■ COLLECTED MATERIAL:
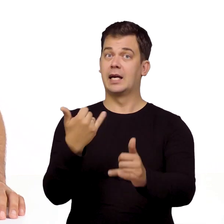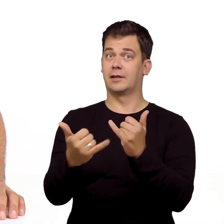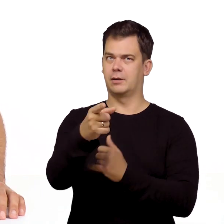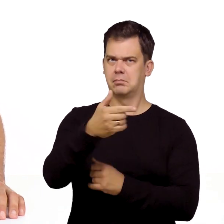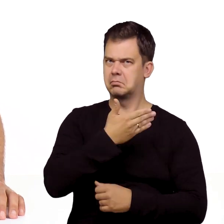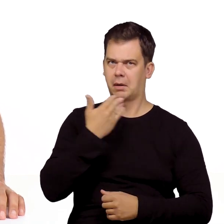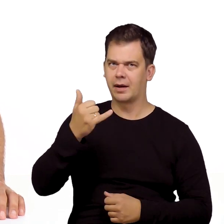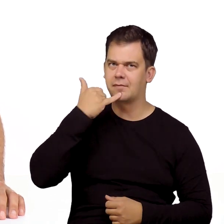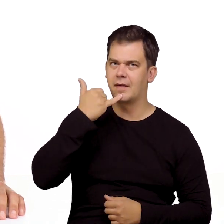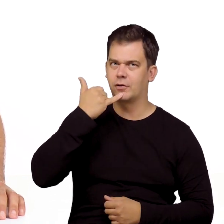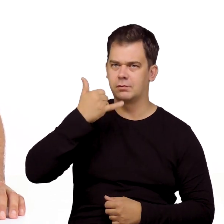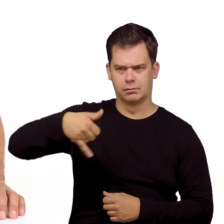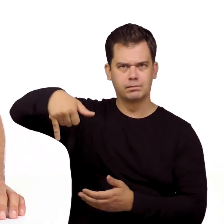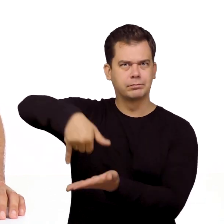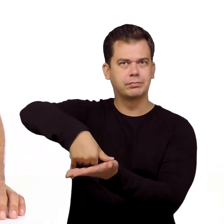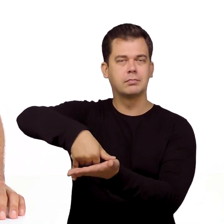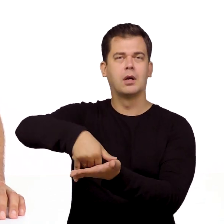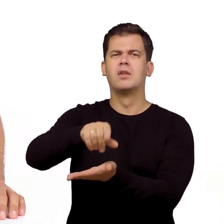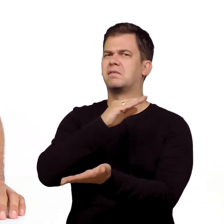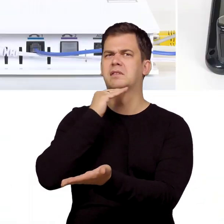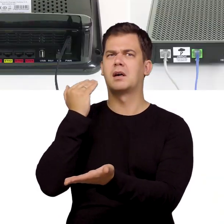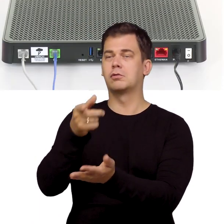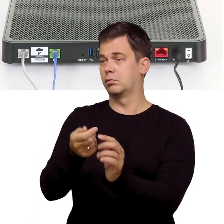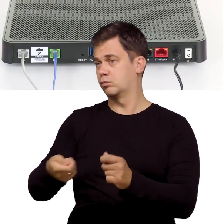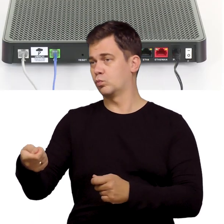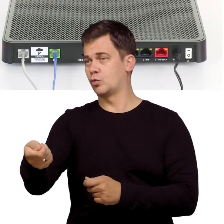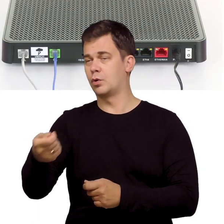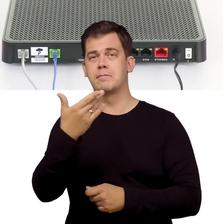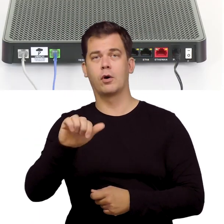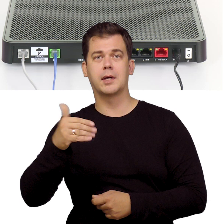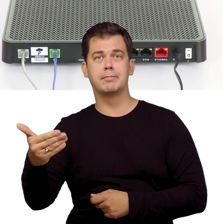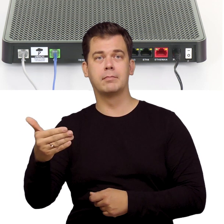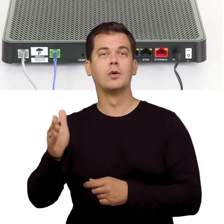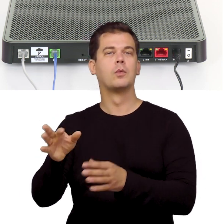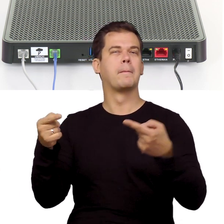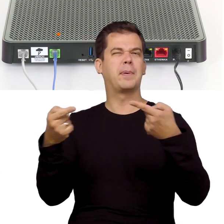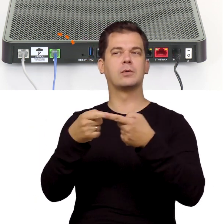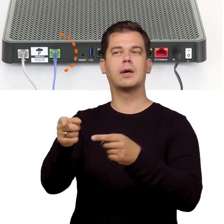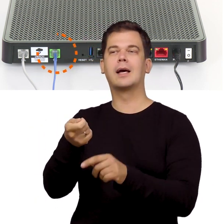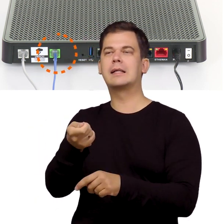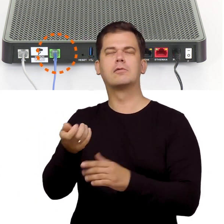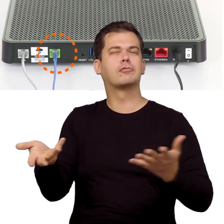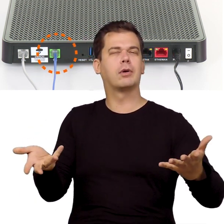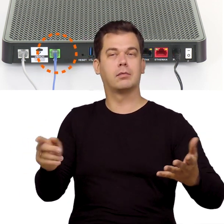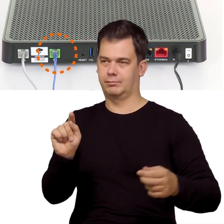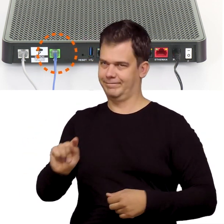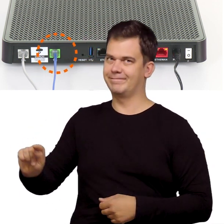Jeśli do tej pory nie korzystałeś z telefonu stacjonarnego to wystarczy że podłączysz go teraz do modemu do odpowiedniego gniazdka.
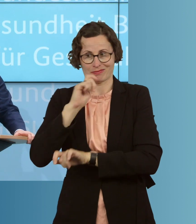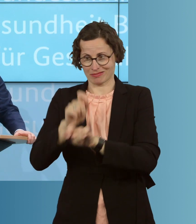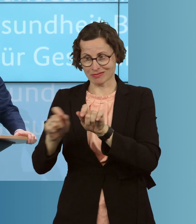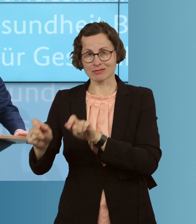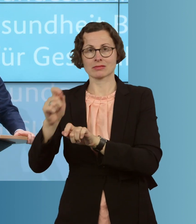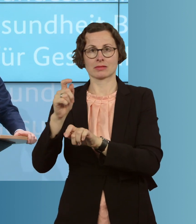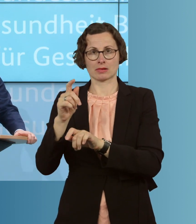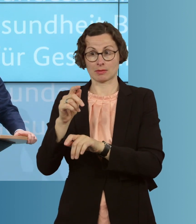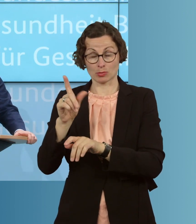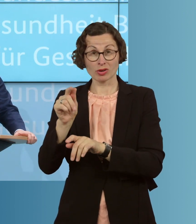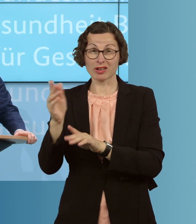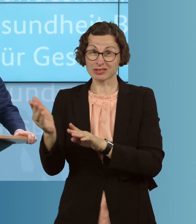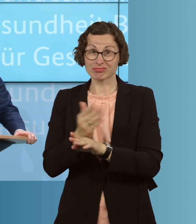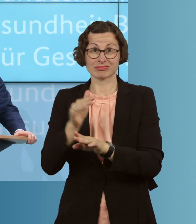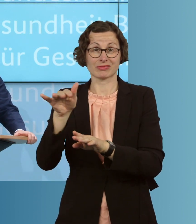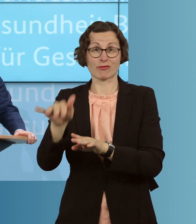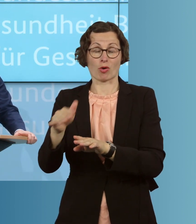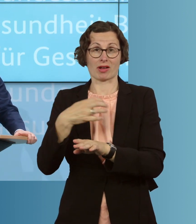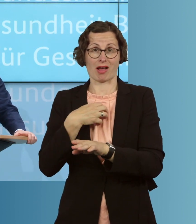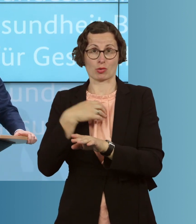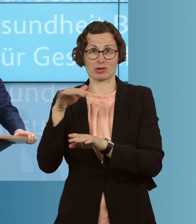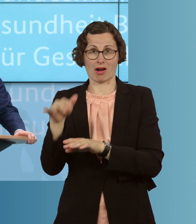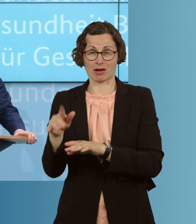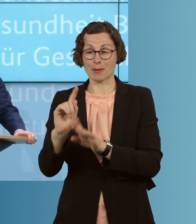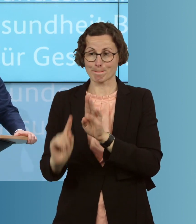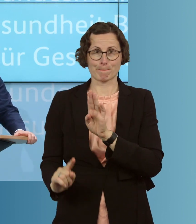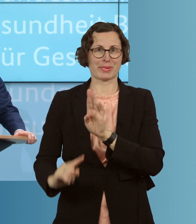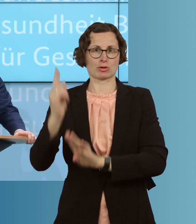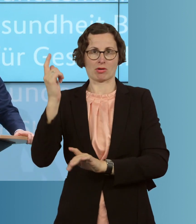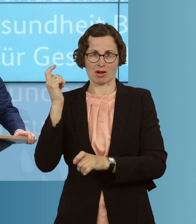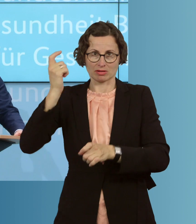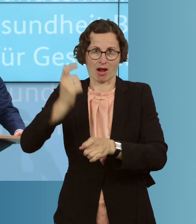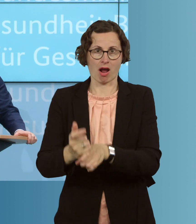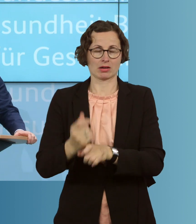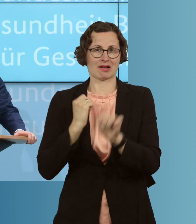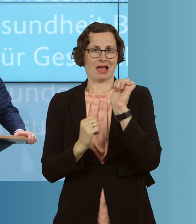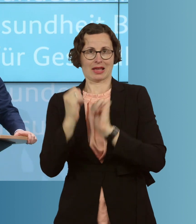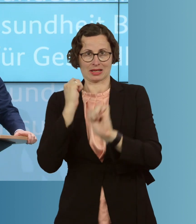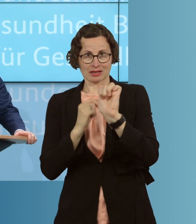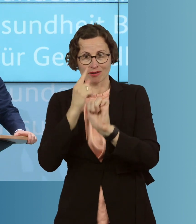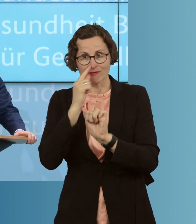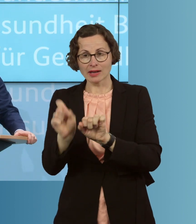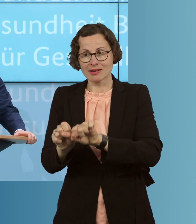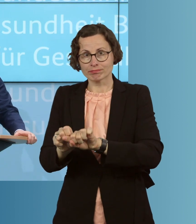die oft Vorerkrankungen haben, besonders hart betroffen sind, wenn es zu einem solchen Ausbruch in einer Pflegeeinrichtung kommt
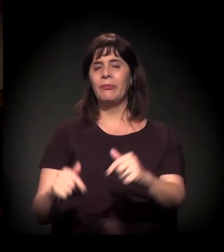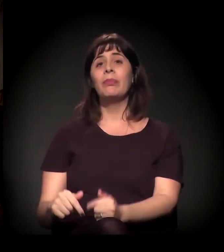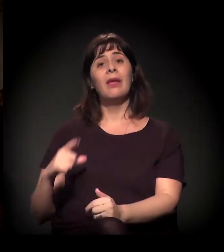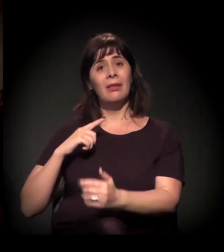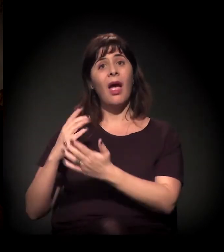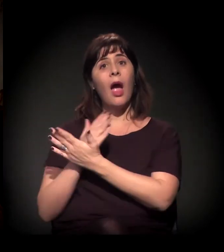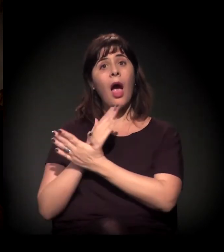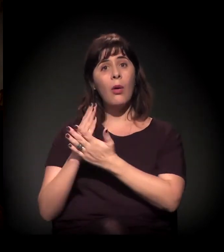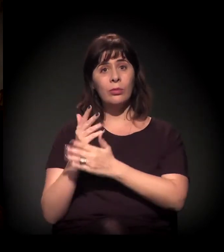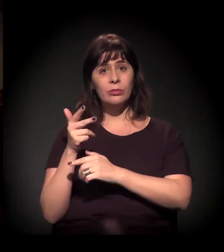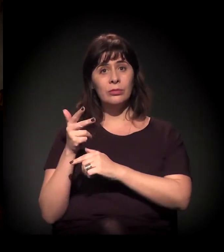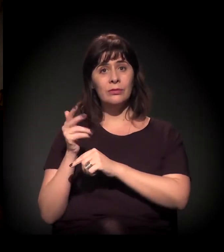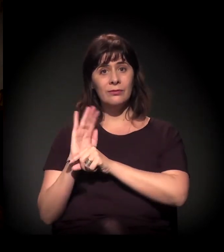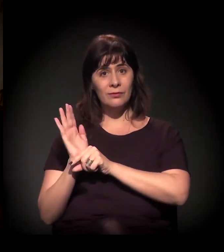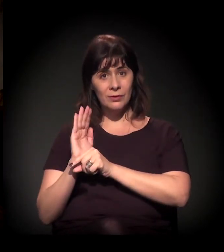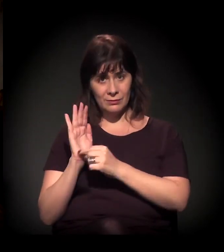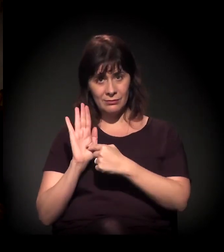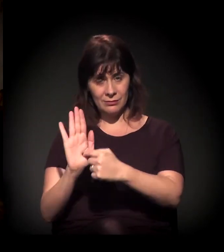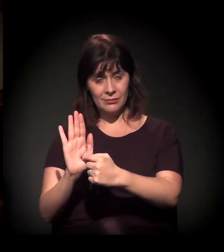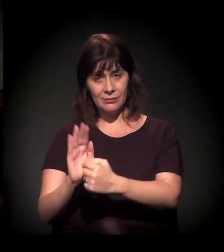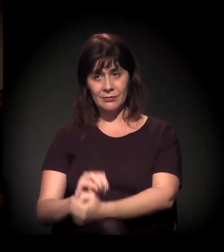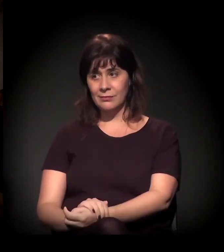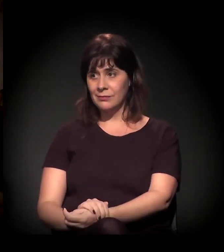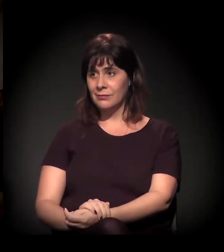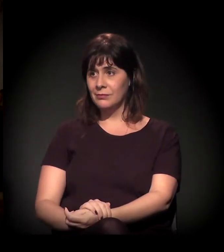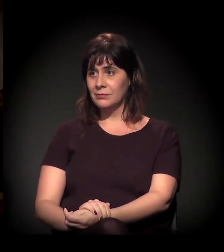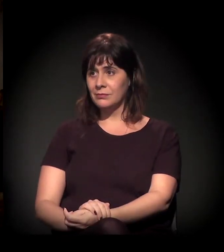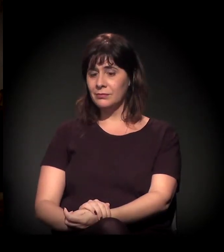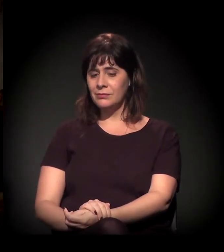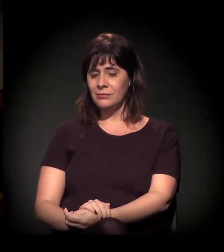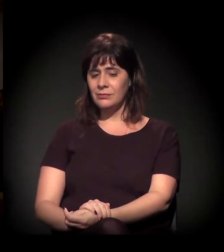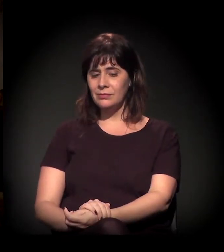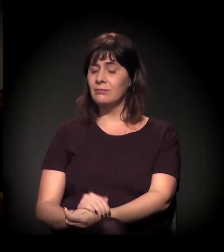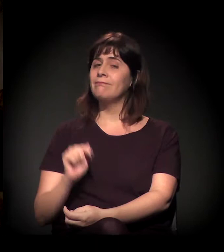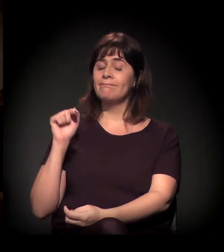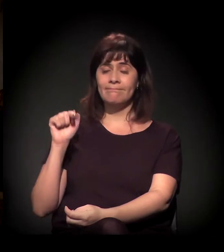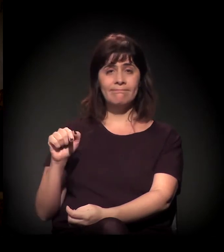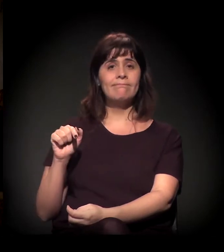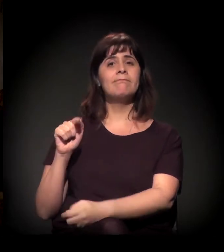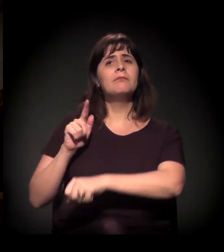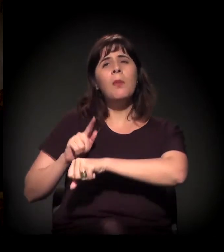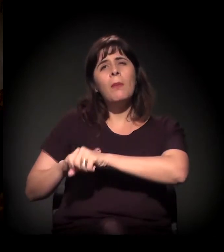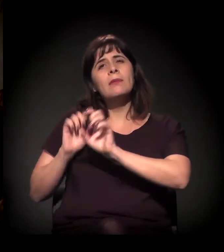É. Isso é um momento especial.

■ TASK OBJECTIVE: Print exactly, and only, the lines from the one with "die oft Vorerkrankungen" through the last line of the listing above. No pictures belong in the copy.

■ EXERCISE ANSWER:
die oft Vorerkrankungen haben, besonders hart betroffen sind, wenn es zu einem solchen Ausbruch in einer Pflegeeinrichtung kommt
É. Isso é um momento especial.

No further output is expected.